Directions for this task
Write out the data word for word, taking care that no picture is carried over.

(Data entries)

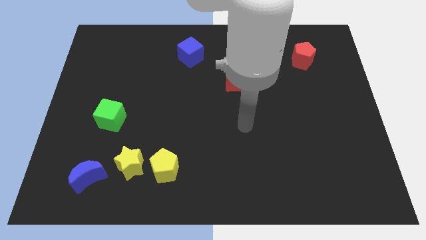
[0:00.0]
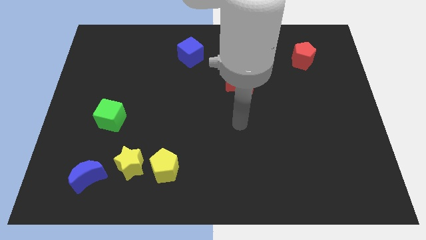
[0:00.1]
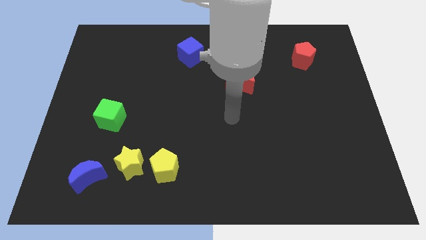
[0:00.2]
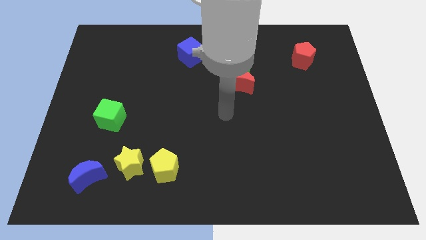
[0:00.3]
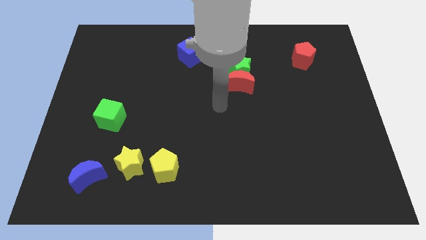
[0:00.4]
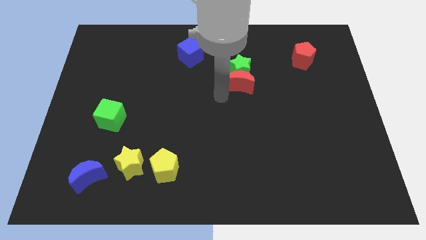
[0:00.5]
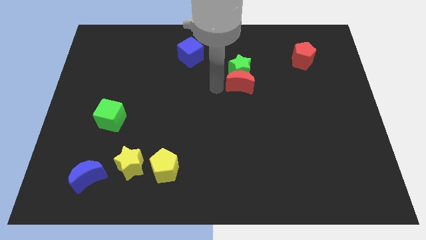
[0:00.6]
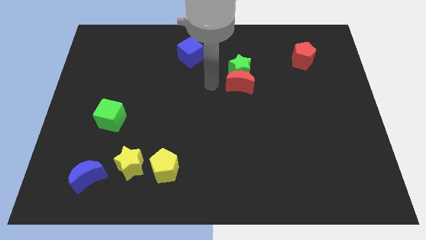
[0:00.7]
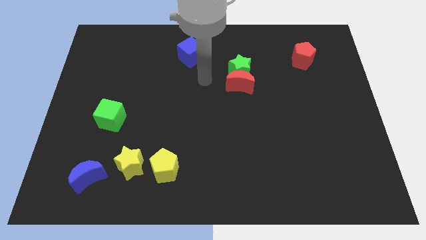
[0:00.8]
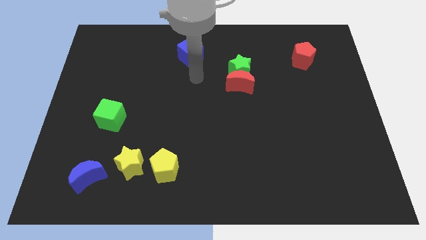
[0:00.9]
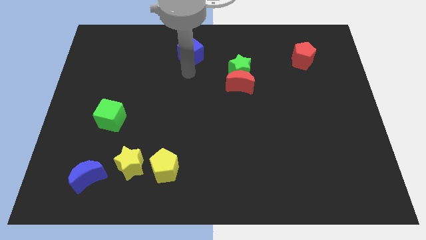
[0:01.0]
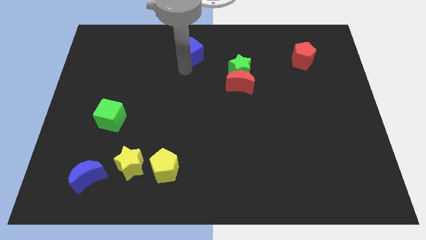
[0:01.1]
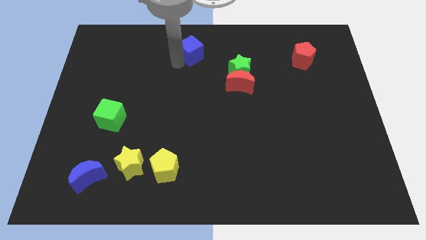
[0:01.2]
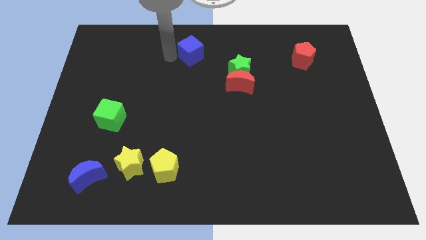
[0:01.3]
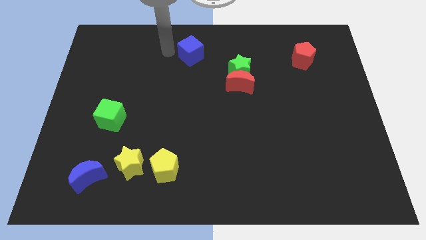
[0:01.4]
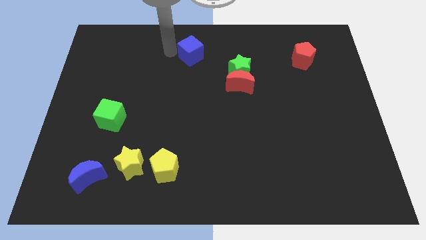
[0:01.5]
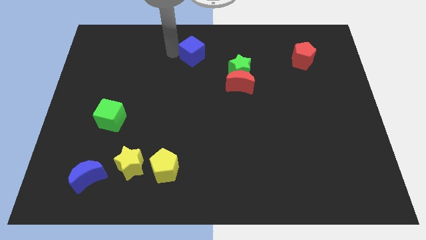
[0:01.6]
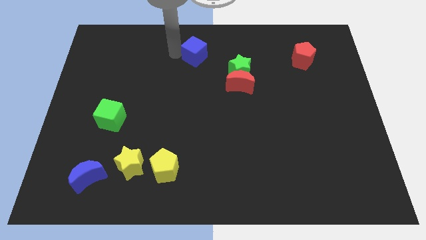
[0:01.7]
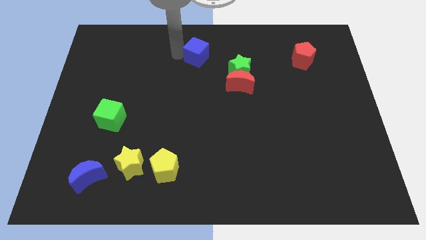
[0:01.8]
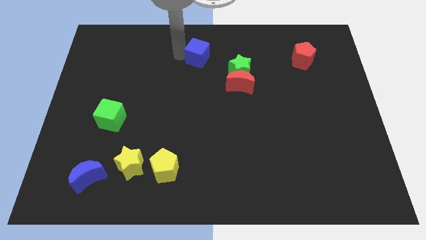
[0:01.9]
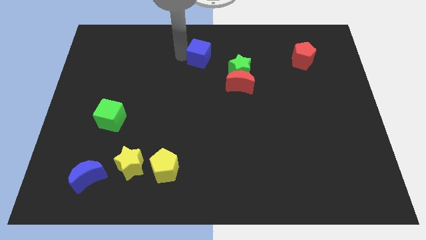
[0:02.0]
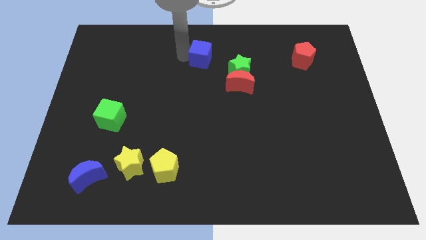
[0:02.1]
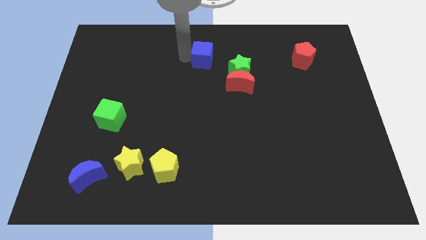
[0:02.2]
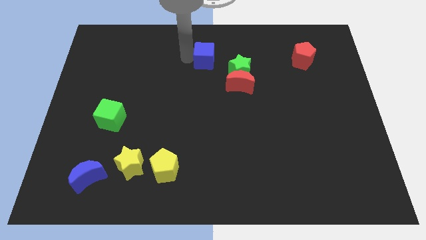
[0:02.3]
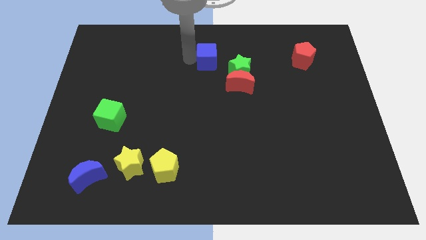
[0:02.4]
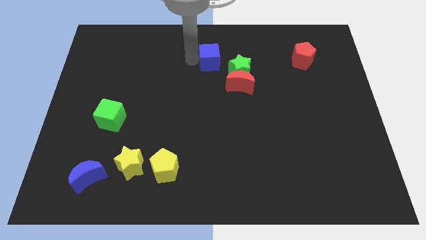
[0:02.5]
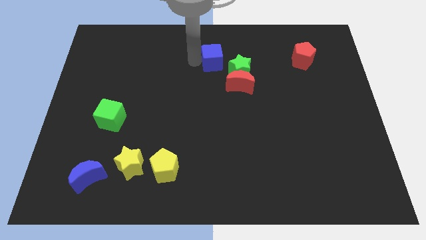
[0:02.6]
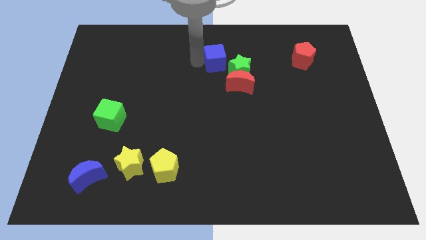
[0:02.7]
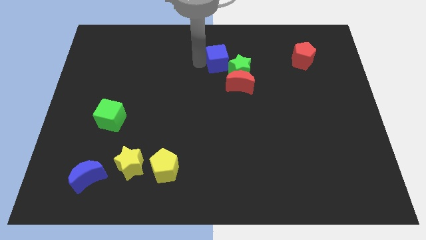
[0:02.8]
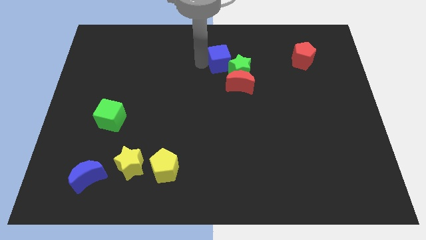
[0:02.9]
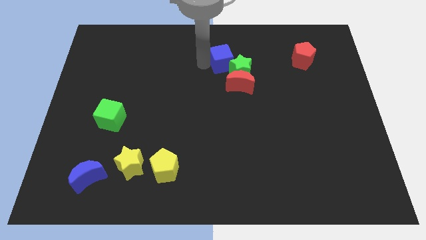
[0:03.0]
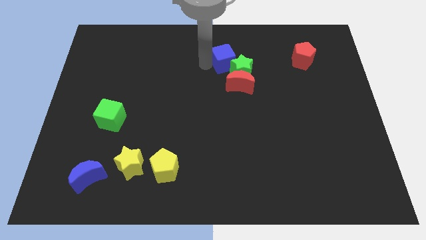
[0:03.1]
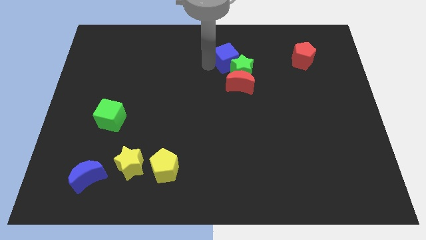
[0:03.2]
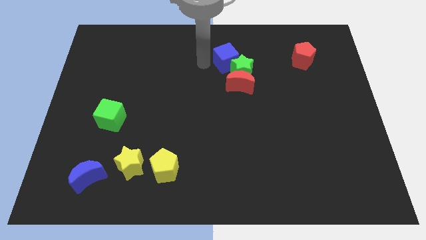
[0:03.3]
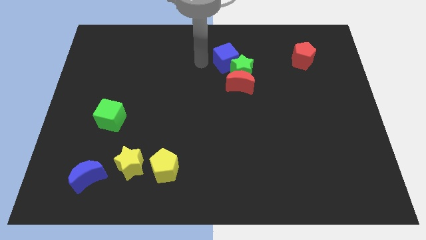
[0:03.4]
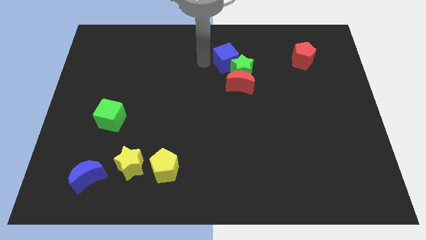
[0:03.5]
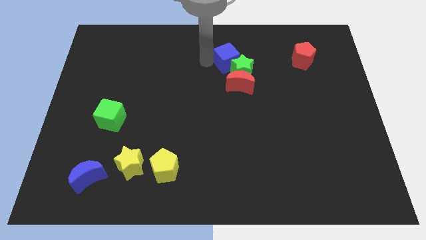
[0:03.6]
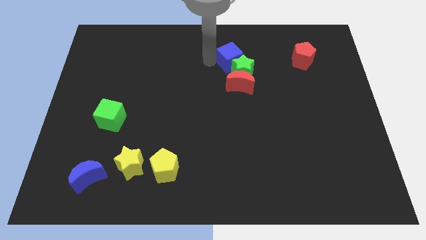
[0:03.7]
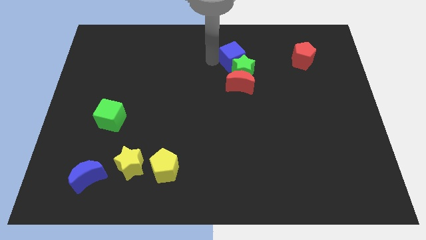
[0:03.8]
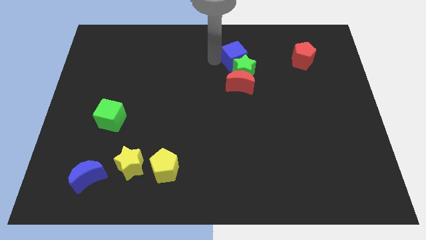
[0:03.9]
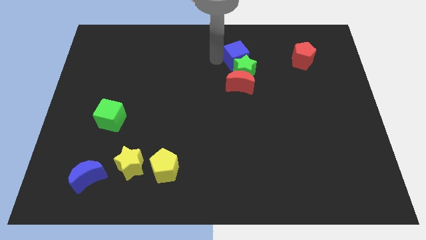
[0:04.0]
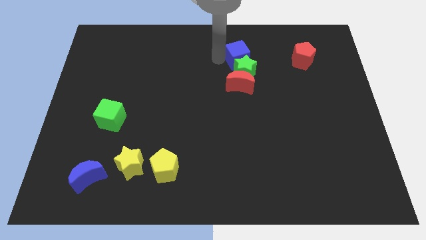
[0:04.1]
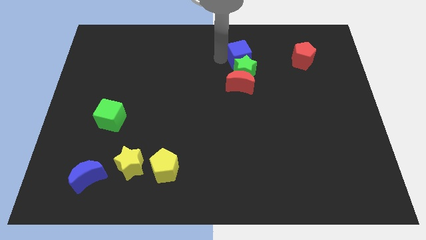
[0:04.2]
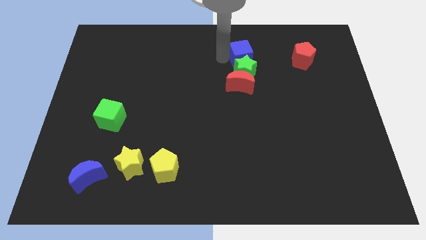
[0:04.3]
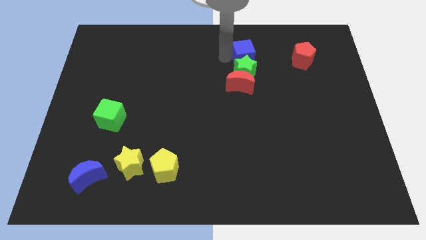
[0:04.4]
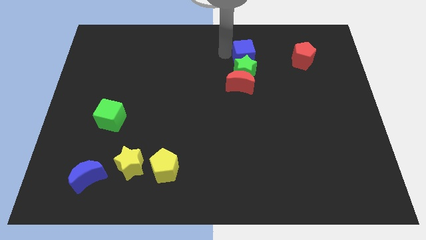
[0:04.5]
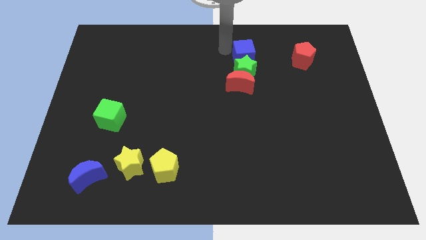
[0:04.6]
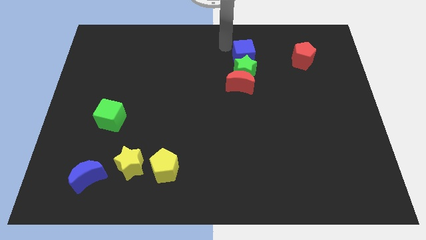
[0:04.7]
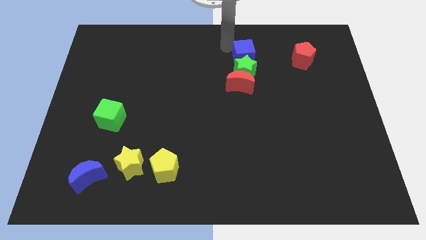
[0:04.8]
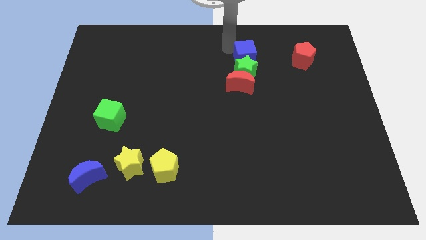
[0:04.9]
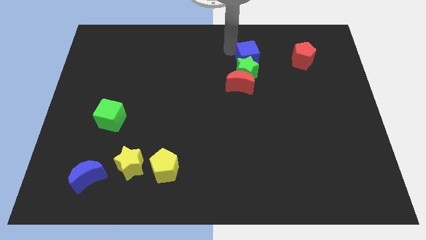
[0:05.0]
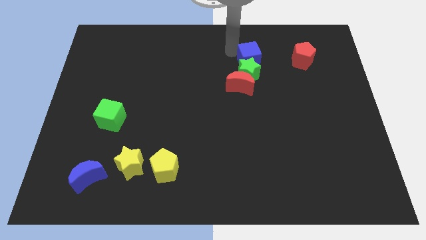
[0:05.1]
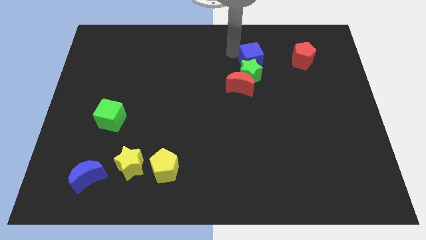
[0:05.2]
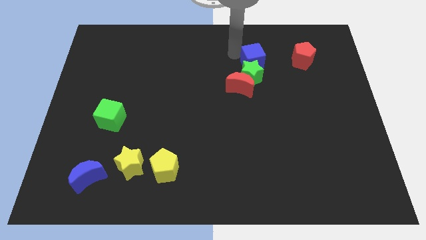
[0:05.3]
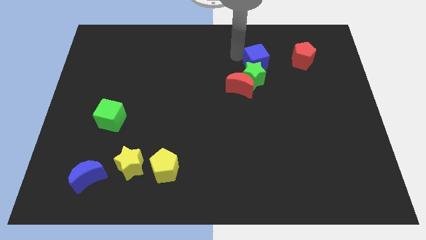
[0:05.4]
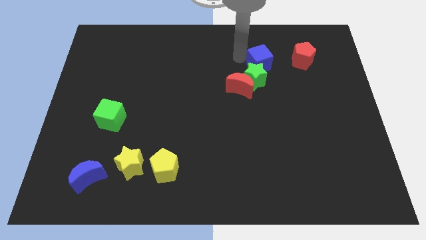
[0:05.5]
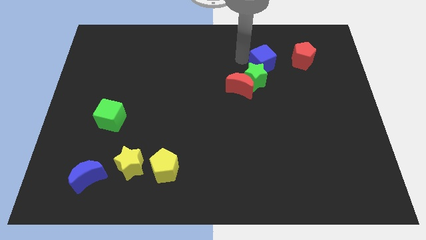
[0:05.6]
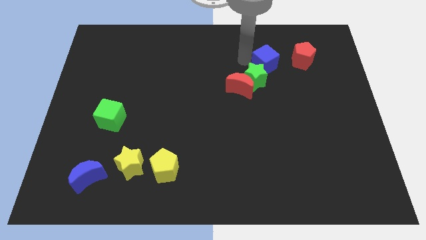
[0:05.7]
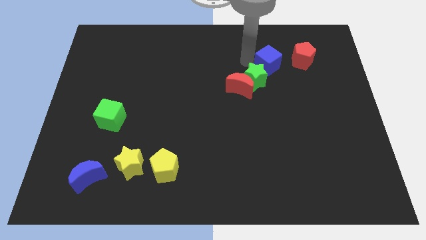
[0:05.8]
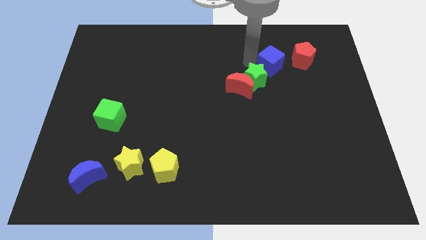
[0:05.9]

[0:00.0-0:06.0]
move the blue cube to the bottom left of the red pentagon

Answer below
[0:00.0]
[0:00.1]
[0:00.2]
[0:00.3]
[0:00.4]
[0:00.5]
[0:00.6]
[0:00.7]
[0:00.8]
[0:00.9]
[0:01.0]
[0:01.1]
[0:01.2]
[0:01.3]
[0:01.4]
[0:01.5]
[0:01.6]
[0:01.7]
[0:01.8]
[0:01.9]
[0:02.0]
[0:02.1]
[0:02.2]
[0:02.3]
[0:02.4]
[0:02.5]
[0:02.6]
[0:02.7]
[0:02.8]
[0:02.9]
[0:03.0]
[0:03.1]
[0:03.2]
[0:03.3]
[0:03.4]
[0:03.5]
[0:03.6]
[0:03.7]
[0:03.8]
[0:03.9]
[0:04.0]
[0:04.1]
[0:04.2]
[0:04.3]
[0:04.4]
[0:04.5]
[0:04.6]
[0:04.7]
[0:04.8]
[0:04.9]
[0:05.0]
[0:05.1]
[0:05.2]
[0:05.3]
[0:05.4]
[0:05.5]
[0:05.6]
[0:05.7]
[0:05.8]
[0:05.9]

[0:00.0-0:06.0]
move the blue cube to the bottom left of the red pentagon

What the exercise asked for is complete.